Fiber (or dietary fiber) is an excellent carb to add to your diet. They help manage blood sugar and even lower your risk for heart disease. Things with these traits, such as plant-based foods, including fruit, vegetables, and intact grains and nuts, help clean the body out of the bad stuff and keep you feeling full and less likely to seek out sugary snacks. This is perfect for both beginner recreational runners and the hardcore, PR-crushing runners alike.”


“Being a new runner can be tricky.
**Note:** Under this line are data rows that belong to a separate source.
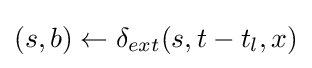
(s,b)\leftarrow \delta _{ext}(s,t-t_{l},x)
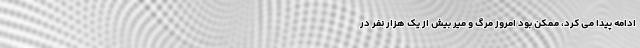
ادامه پیدا می کرد، ممکن بود امروز مرگ و میر بیش از یک هزار نفر در
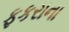
ફકરાના
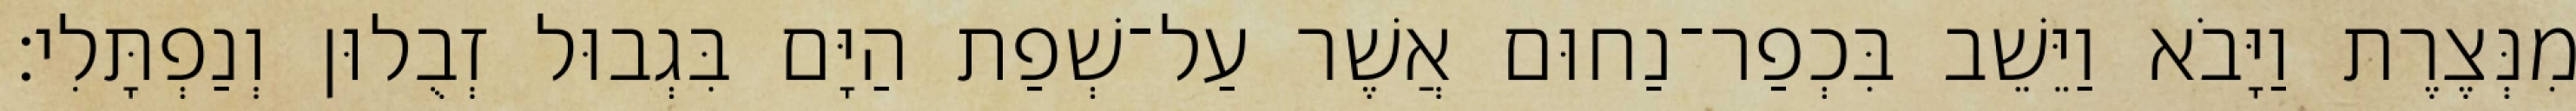
מִנְּצֶרֶת וַיָּבֹא וַיֵּשֵׁב בִּכְפַר־נַחוּם אֲשֶׁר עַל־שְׁפַת הַיָּם בִּגְבוּל זְבֻלוּן וְנַפְתָּלִי׃
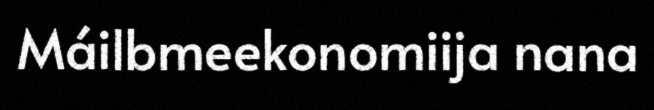
Máilbmeekonomiija nana
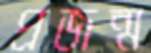
প্রজন্ম
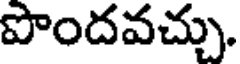
పొందవచ్చు.
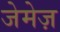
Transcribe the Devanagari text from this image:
जेमेज़
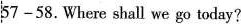
57—58.Where shall we go today?
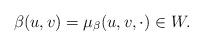
LaTeX: \begin{align*}\beta(u,v)=\mu_\beta(u,v,\cdot)\in W.\end{align*}
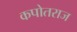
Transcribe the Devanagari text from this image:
कपोतराज
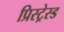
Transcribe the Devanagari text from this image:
प्रिस्ट्रेस्ड
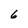
Character: 6
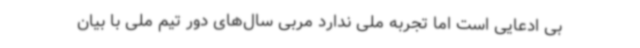
بی ادعایی است اما تجربه ملی ندارد مربی سال‌های دور تیم ملی با بیان
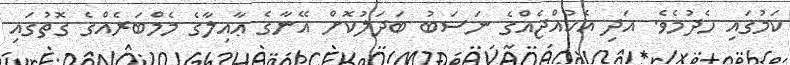
ކަމުގައި ހެދުމެވެ. އަދި އެކުއްޖެއްގެ ނަސަބު ބަދަލުކޮށް އޭނާގެ ޢާއިލާގެ މެމްބަރެއްގެ ގޮތުގައި
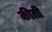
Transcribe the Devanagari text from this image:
कीती
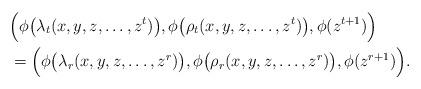
LaTeX: \begin{align*} &\Bigl(\phi\bigl(\lambda_{t}(x,y,z,\ldots ,z^{t})\bigr), \phi\bigl(\rho_{t}(x,y,z,\ldots ,z^{t})\bigr),\phi(z^{t+1})\Bigr)\\ &=\Bigl(\phi\bigl(\lambda_{r}(x,y,z,\ldots ,z^{r})\bigr), \phi\bigl(\rho_{r}(x,y,z,\ldots ,z^{r})\bigr),\phi(z^{r+1})\Bigr). \end{align*}
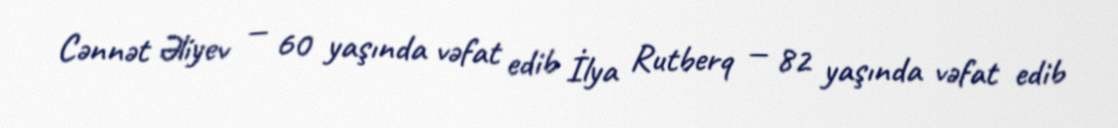
Cənnət Əliyev — 60 yaşında vəfat edib İlya Rutberq — 82 yaşında vəfat edib
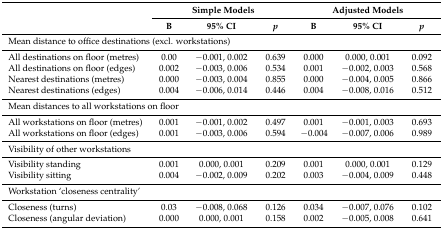
<table><thead><tr><td rowspan="2"></td><td colspan="3"><b>Simple Models</b></td><td colspan="3"><b>Adjusted Models</b></td></tr><tr><td><b>B</b></td><td><b>95% CI</b></td><td><b><i>p</i></b></td><td><b>B</b></td><td><b>95% CI</b></td><td><b><i>p</i></b></td></tr></thead><tbody><tr><td colspan="3">Mean distance to office destinations (excl. workstations)</td><td></td><td></td><td></td><td></td></tr><tr><td>All destinations on floor (metres)</td><td>0.00</td><td>−0.001, 0.002</td><td>0.639</td><td>0.000</td><td>0.000, 0.001</td><td>0.092</td></tr><tr><td>All destinations on floor (edges)</td><td>0.002</td><td>−0.003, 0.006</td><td>0.534</td><td>0.001</td><td>−0.002, 0.003</td><td>0.568</td></tr><tr><td>Nearest destinations (metres)</td><td>0.000</td><td>−0.003, 0.004</td><td>0.855</td><td>0.000</td><td>−0.004, 0.005</td><td>0.866</td></tr><tr><td>Nearest destinations (edges)</td><td>0.004</td><td>−0.006, 0.014</td><td>0.446</td><td>0.004</td><td>−0.008, 0.016</td><td>0.512</td></tr><tr><td colspan="3">Mean distances to all workstations on floor</td><td></td><td></td><td></td><td></td></tr><tr><td>All workstations on floor (metres)</td><td>0.001</td><td>−0.001, 0.002</td><td>0.497</td><td>0.001</td><td>−0.001, 0.003</td><td>0.693</td></tr><tr><td>All workstations on floor (edges)</td><td>0.001</td><td>−0.003, 0.006</td><td>0.594</td><td>−0.004</td><td>−0.007, 0.006</td><td>0.989</td></tr><tr><td colspan="3">Visibility of other workstations</td><td></td><td></td><td></td><td></td></tr><tr><td>Visibility standing</td><td>0.001</td><td>0.000, 0.001</td><td>0.209</td><td>0.001</td><td>0.000, 0.001</td><td>0.129</td></tr><tr><td>Visibility sitting</td><td>0.004</td><td>−0.002, 0.009</td><td>0.202</td><td>0.003</td><td>−0.004, 0.009</td><td>0.448</td></tr><tr><td colspan="3">Workstation ‘closeness centrality’</td><td></td><td></td><td></td><td></td></tr><tr><td>Closeness (turns)</td><td>0.03</td><td>−0.008, 0.068</td><td>0.126</td><td>0.034</td><td>−0.007, 0.076</td><td>0.102</td></tr><tr><td>Closeness (angular deviation)</td><td>0.000</td><td>0.000, 0.001</td><td>0.158</td><td>0.002</td><td>−0.005, 0.008</td><td>0.641</td></tr></tbody></table>
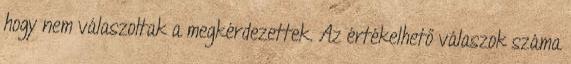
hogy nem válaszoltak a megkérdezettek. Az értékelhető válaszok száma
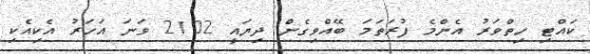
ކައްޓި ހިތްވަރު އެންމެ ފުރަތަމަ ބޭއްވިގެން ދިޔައީ 2102 ވަނަ އަހަރު އެކިއެކި
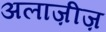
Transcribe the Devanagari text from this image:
अलाज़ीज़
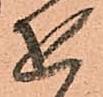
を
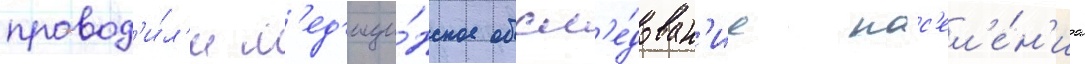
провод'и́л'и м'ед'ици́нское обсл'е́дован'ие нас'ел'е́н'иа
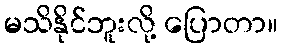
မသိနိုင်ဘူးလို့ ပြောတာ။
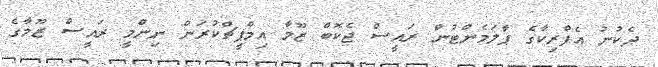
ދެކުނު އެފްރިކާގެ ޕާލަމެންޓުން ރައީސް ޖެކޮބް ޒޫމާ އިމްޕީޗްކުރަން ނިންމީ ރައީސް ޒޫމާގެ
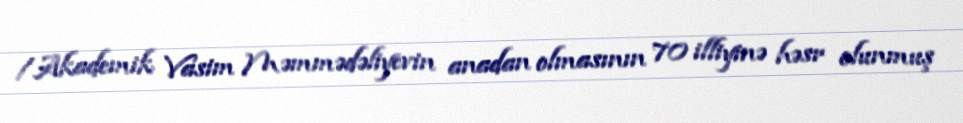
/Akademik Vasim Məmmədəliyevin anadan olmasının 70 illiyinə həsr olunmuş
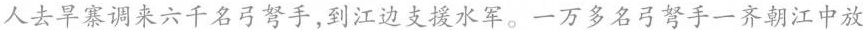
人去旱寨调来六千名弓弩手，到江边支援水军。一万多名弓弩手一齐朝江中放
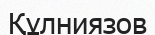
Құлниязов
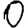
Digit: 0
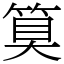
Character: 𮅕
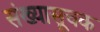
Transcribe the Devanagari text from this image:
संख्यासूचक

Maybe you were a former runner that used to run with ease. But with time, injuries, and life it is now difficult. Or maybe you’ve never run a day in your life, and it’s time to start. Either way, take it slow. Identify the type of running you would like to participate in—short sprints, long relaxing runs, or maybe ultramarathon.

  1. Start out simple. Day 1: Stretch, and stretch some more, and when you’re done with that, stretch again! You’re not 9-years-old anymore, and your body isn’t going to like the rapid change in identity.

    Go out or inside for a run. Again, start a simple start with a jog for 2 minutes. Don’t measure yourself in distance. If 2 minutes seems too easy, you’re probably right, but take it as a victory. Be proud of what you just accomplished, and then, well, stretch again.

    Plan out a running schedule. Make it a habit at the same time each day if possible. Work your way up from your 2-minute run to a 10-minute run. Don’t chase miles, just run 10 minutes. Eventually, you will make it a 10-minute mile pace, which is pretty average for most 5k-pace recreational runners, and you can start to chase times a bit—but not in the first week.

    Make sure to listen to your body. If something hurts, listen to it and back off. No Olympic medals were won on day one of working out.
  2. Have proper running shoes. Just because the shoe looks cool or the pros wear it doesn’t mean it’s right for you! Get fitted for a proper running shoe that’s best suited for your stride, gate, and body weight. Know if you pronate or supernate, and that your shoe is wide enough for your foot. Don’t be afraid to size up half a size as feet tend to swell and expand while running.”
  3. Listen to your mom. “You go to school to learn, not for a fashion show.” Luckily for us, running gear comes in some pretty cool looks these days, and with athleisure becoming a mainstream trend, your Hoka running shoes are the new Prada bags of the world. But seriously, have the right running gear. If it’s cold in your climate, buy things that make running fun. Lightweight, durable, cold-weather gear gets better every year, and often you get what you pay for in the running world. Make sure your clothing doesn’t leave you feeling awful, chafed, cold, or overheated. If you don’t enjoy the run, you’re not going to finish or stay with it.
  4. Find a running community. Just like long car rides, running is more fun with friends. People who keep you accountable and showing up. It’s also nice to have someone to discuss your new hobby with and geek out about the latest running tech you’re about to start accumulating in otherworldly amounts.
  5. Be your own biggest fan. Don’t get down on yourself if one day of running or week one of running isn’t as good as you expected. As Olympic runner Alexi Pappas described in her book Bravey: Chasing Dreams, Befriending Pain, and Other Big Ideas, the rule of thumb is 1/3 of your workouts will be great, 1/3 will be average, and 1/3 will be hard (or complete garbage). You’re never going to be completely happy with how you run, but you should often take a step back and remind yourself of where you started. Review your running logs and post your PRs and medals to social media. Create a medal and race bib wall (if your wife will let you). Take time to stop and take in the achievements of each accomplishment you have in your newfound running career. If you haven’t yet, sign up for a race, plan a trip around a race, or go to a track meet. Be inspired by running and celebrate the fact that you are now part of the running community.



Editor’s note: this interview has been edited for clarity.